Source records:
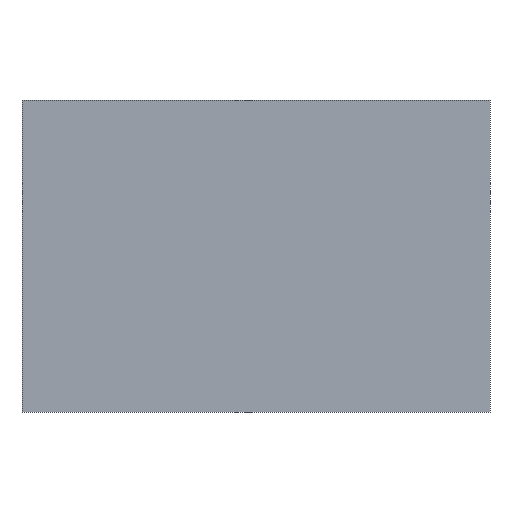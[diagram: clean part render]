
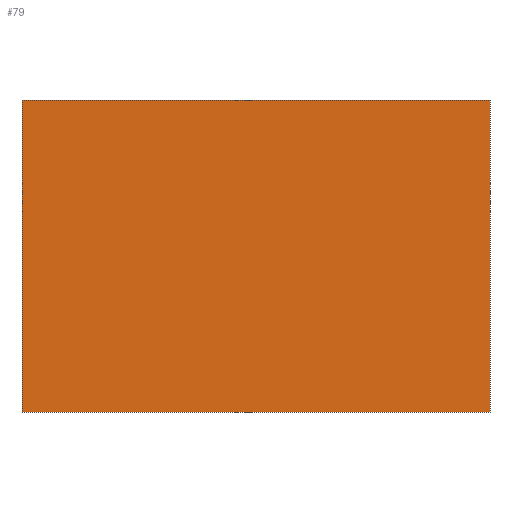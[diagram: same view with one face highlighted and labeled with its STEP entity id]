
A CAD part, front view. The second image highlights one B-rep face of the part: STEP entity #79.
In plain terms, the highlighted free-form (B-spline) face has degree [1, 1] with [2, 2] control points.
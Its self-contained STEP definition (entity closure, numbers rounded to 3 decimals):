
#44=CARTESIAN_POINT('',(-0.749,0.0,10.499));
#45=CARTESIAN_POINT('',(15.749,0.0,10.499));
#46=CARTESIAN_POINT('',(-0.749,0.0,-0.5));
#47=CARTESIAN_POINT('',(15.749,0.0,-0.5));
#48=B_SPLINE_SURFACE_WITH_KNOTS('',1,1,((#44,#46),(#45,#47)),.UNSPECIFIED.,.F.,.F.,.U.,(2,2),(2,2),(0.0,16.499),(0.0,10.999),.UNSPECIFIED.);
#49=CARTESIAN_POINT('',(15.0,0.0,10.0));
#50=VERTEX_POINT('',#49);
#51=CARTESIAN_POINT('',(15.0,0.0,0.0));
#52=VERTEX_POINT('',#51);
#53=CARTESIAN_POINT('',(15.0,0.0,10.0));
#54=CARTESIAN_POINT('',(15.0,0.0,0.0));
#55=QUASI_UNIFORM_CURVE('',1,(#53,#54),.UNSPECIFIED.,.F.,.U.);
#56=EDGE_CURVE('',#50,#52,#55,.T.);
#57=ORIENTED_EDGE('',*,*,#56,.F.);
#58=CARTESIAN_POINT('',(0.0,0.0,10.0));
#59=VERTEX_POINT('',#58);
#60=CARTESIAN_POINT('',(0.0,0.0,10.0));
#61=CARTESIAN_POINT('',(15.0,0.0,10.0));
#62=QUASI_UNIFORM_CURVE('',1,(#60,#61),.UNSPECIFIED.,.F.,.U.);
#63=EDGE_CURVE('',#59,#50,#62,.T.);
#64=ORIENTED_EDGE('',*,*,#63,.F.);
#65=CARTESIAN_POINT('',(0.0,0.0,0.0));
#66=VERTEX_POINT('',#65);
#67=CARTESIAN_POINT('',(0.0,0.0,0.0));
#68=CARTESIAN_POINT('',(0.0,0.0,10.0));
#69=QUASI_UNIFORM_CURVE('',1,(#67,#68),.UNSPECIFIED.,.F.,.U.);
#70=EDGE_CURVE('',#66,#59,#69,.T.);
#71=ORIENTED_EDGE('',*,*,#70,.F.);
#72=CARTESIAN_POINT('',(15.0,0.0,0.0));
#73=CARTESIAN_POINT('',(0.0,0.0,0.0));
#74=QUASI_UNIFORM_CURVE('',1,(#72,#73),.UNSPECIFIED.,.F.,.U.);
#75=EDGE_CURVE('',#52,#66,#74,.T.);
#76=ORIENTED_EDGE('',*,*,#75,.F.);
#77=EDGE_LOOP('',(#57,#64,#71,#76));
#78=FACE_OUTER_BOUND('',#77,.T.);
#79=ADVANCED_FACE('',(#78),#48,.F.);

WHAT THE TASK ASKS: Nothing but the lines from the one with "#71=ORIENTED_EDGE('',*,*,#70,.F.);" through the end of the data above should be repeated, each exactly as it stands.

TASK ANSWER:
#71=ORIENTED_EDGE('',*,*,#70,.F.);
#72=CARTESIAN_POINT('',(15.0,0.0,0.0));
#73=CARTESIAN_POINT('',(0.0,0.0,0.0));
#74=QUASI_UNIFORM_CURVE('',1,(#72,#73),.UNSPECIFIED.,.F.,.U.);
#75=EDGE_CURVE('',#52,#66,#74,.T.);
#76=ORIENTED_EDGE('',*,*,#75,.F.);
#77=EDGE_LOOP('',(#57,#64,#71,#76));
#78=FACE_OUTER_BOUND('',#77,.T.);
#79=ADVANCED_FACE('',(#78),#48,.F.);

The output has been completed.